International call prefix: 000

Main lines:
- 251,600 lines in use, 124th in the world (2012);
- 320,000 lines in use (2007).

Mobile Cellular:
- 59.8 million lines as at September 2020

Telephone system: inadequate; fixed-line telephone system is small and inefficient; trunks are primarily microwave radio relay; business data commonly transferred by a very small aperture terminal (VSAT) system; sole fixed-line provider, Telkom Kenya, is slated for privatization; multiple providers in the mobile-cellular segment of the market fostering a boom in mobile-cellular telephone usage with teledensity reaching 65 per 100 persons (2011).

Communications cables: landing point for the Eastern Africa Submarine Cable System (EASSy), The East African Marine System (TEAMS), and SEACOM fiber-optic submarine cable systems (2011).

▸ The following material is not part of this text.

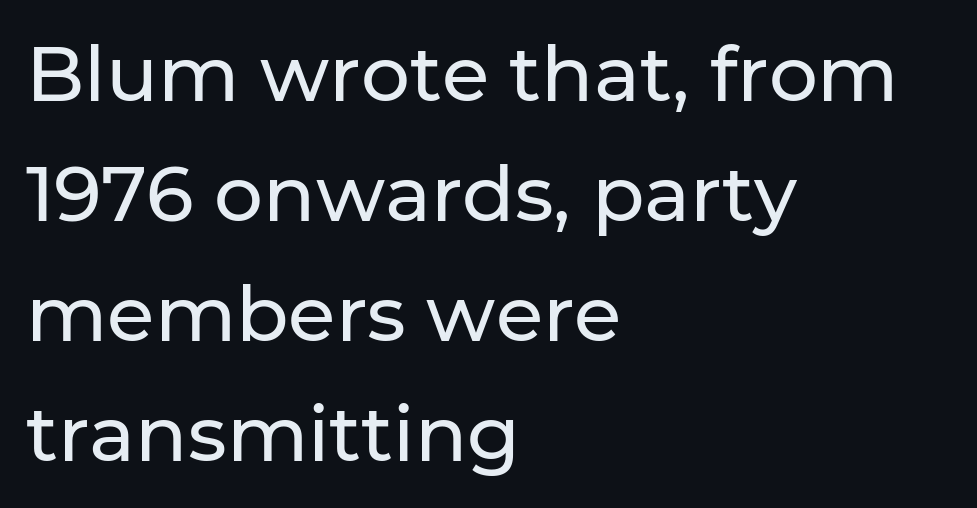
{"serif": "no", "italic": "no", "width": "normal", "stroke_contrast": "low", "x_height": "medium", "monospaced": "no", "underline": "no", "align": "left", "line_spacing": "normal", "line_spacing_ratio": 1.56, "letter_spacing": "normal", "letter_spacing_em": 0.0, "glyph_px": 77}

Satellite earth stations: 4 Intelsat (2011).

==Internet==

Top-level domain: .ke

Internet users:
- 13.8 million users, 35th in the world; 32.1% of the population, 129th in the world (2012);
- 4.0 million users, 59th in the world (2009);
- 3.0 million users (2008);
- 500,000 users (2002).

Fixed broadband: 43,013 subscriptions, 115th in the world; 0.1% of the population, 167th in the world (2012).

Wireless broadband: 954,896 subscriptions, 72nd in the world; 2.2% of the population, 124th in the world (2012).

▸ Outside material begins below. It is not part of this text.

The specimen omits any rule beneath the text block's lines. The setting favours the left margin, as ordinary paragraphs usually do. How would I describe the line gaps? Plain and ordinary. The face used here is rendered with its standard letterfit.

Internet hosts: 71,018 hosts, 88th in the world (2012).

IPv4: 1.7 million addresses allocated, 68th in the world, less than 0.05% of the world total, 38.5 addresses per 1000 people (2012).

Internet service providers:
66 ISPs (2014).

===Internet censorship and surveillance===

Kenya was rated as "partly free" in the 2009 and 2011 Freedom on the Net reports from Freedom House with scores of 34 and 32 which is much closer to the "free" rating that ends at 30 then it is to the "not free" rating that starts at 60. In 2012 and 2013 the rating improved to "free" with scores of 29 and 28.

The government does not employ technical filtering or any administrative censorship system to restrict access to political or other content. Citizens engage in the peaceful expression of views via the Internet, including by e-mail, and are able to access a wide range of viewpoints, with the websites of the British Broadcasting Corporation (BBC), the U.S.-based Cable News Network (CNN), and Kenya's Daily Nation newspaper the most commonly accessed. There are no government restrictions on access to the Internet, but Internet services are limited in rural areas due to lack of infrastructure.

The constitution protects freedom of expression and the "freedom to communicate ideas and information." However, it also grants the government the authority to punish defamation, protect privileged information, and restrict state employees’ "freedom of expression in the interest of defense, public safety, public order, public morality or public health." In January 2009, the government passed a controversial Communications Amendment Act that established that any person who publishes, transmits, or causes to be published in electronic form obscene information commits an offense. The Act also outlines other forms of illegality associated with the use of information and communication technologies. At the end of 2010, the measure had not been used to prosecute anyone for online expression. Under the Act, the Communications Commission of Kenya (CCK), rather than the independent Media Council of Kenya, is responsible for regulating both traditional and online media. The CCK is also independent, but because the CCK has yet to make any decisions affecting the internet, its autonomy and professionalism in making determinations remain to be seen.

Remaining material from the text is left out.